About the Author:
Barbara Parker was trained as a lawyer and worked as a prosecutor with the state attorney’s office in Dade County, Florida, before moving into a private practice that specialized in real estate and family law. Parker earned a master’s degree in creative writing in 1993. Her first legal thriller was Suspicion of Innocence, published in 1994, which was followed by another seven titles in the series featuring her two lawyer protagonists, and sometime lovers Gail Connor and Anthony Quintana. While writing the series, she also produced Criminal Justice, Blood Relations, The Perfect Fake, and The Dark of Day.

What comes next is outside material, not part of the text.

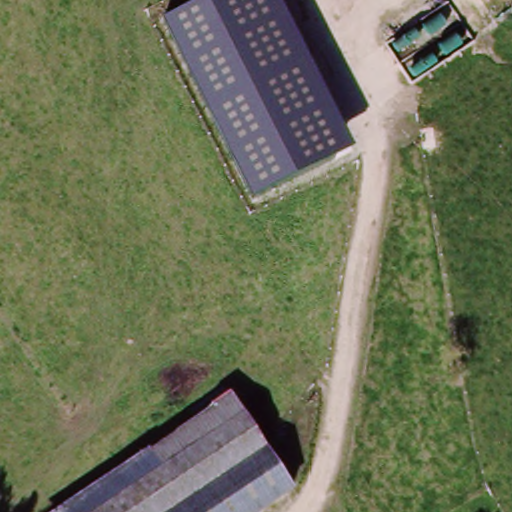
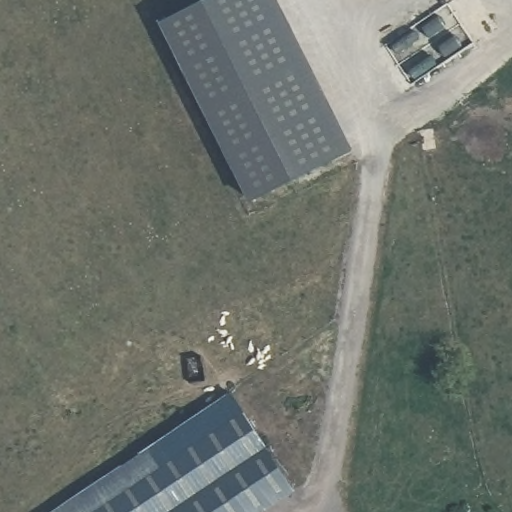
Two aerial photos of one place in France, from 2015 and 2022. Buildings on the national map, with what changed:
unchanged [(278,0),(352,150),(250,202),(159,25),(208,0),(278,0)]
unchanged [(137,450),(236,387),(297,491),(265,512),(39,512),(135,448),(137,450)]

Suspicion of Innocence was a finalist for the Edgar Award from the Mystery Writers of America. Two of her titles, Suspicion of Deceit and Suspicion of Betrayal were New York Times bestsellers. Barbara Parker died in March 2009, at age sixty-two.
From Kirkus Reviews:
The apparent suicide of her libertine younger sister leads an up-and-coming Wasp lawyer into the orbit of a Cuban grandee and his attractive family--and to an indictment for murder--in an intelligently steamy first novel. Jimmy Panther, an understandably cynical Indian Everglades tour guide and alligator handler, discovered the body of pretty Renee Pettis while showing a Scandinavian family the saurian terrors outside Miami. As it happened, Mr. Panther recognized the corpse from a distance, having had some rather odd business dealings with Renee in the recent past. Mr. Panther is just one of the upsetting characters who enter attorney Gail Connor's life as she tries to tie up the many loose ends her sister has left lying around the city. Gail quickly learns that Renee carried on with drug-dealers, was into rather advanced sexual activities, and secretly met Gail's husband, Dave, regularly for lunch. Was Dave the father of Renee's unborn child? He says not. Perhaps the father was too-slick property developer Carlos Pedrosa, with whom Renee carried on for months? Gail sincerely hopes the father was not Carlos's cousin Anthony Quintana, the exceptionally handsome lawyer she just met in court. She rather fancies Anthony--and, as it turns out, she will rather need him when the Miami police decide that Renee could not have slit her own wrists but that Gail very likely could have. It takes every bit of the family's political pull and spare cash to keep Gail out on bail so that she can find out why anyone would want to kill Renee, how Jimmy Panther got his hands on a valuable Indian artifact that seems to have something to do with the murder, what it is about her mother's cousin Ben that arouses such deep emotions, and exactly what she is going to do about the attractive but excessively secretive Mr. Quintana. Not terribly mysterious but deft, sexy, and populated with enough interesting characters for two books. Parker makes excellent use of Miami. -- Copyright ©1993, Kirkus Associates, LP. All rights reserved.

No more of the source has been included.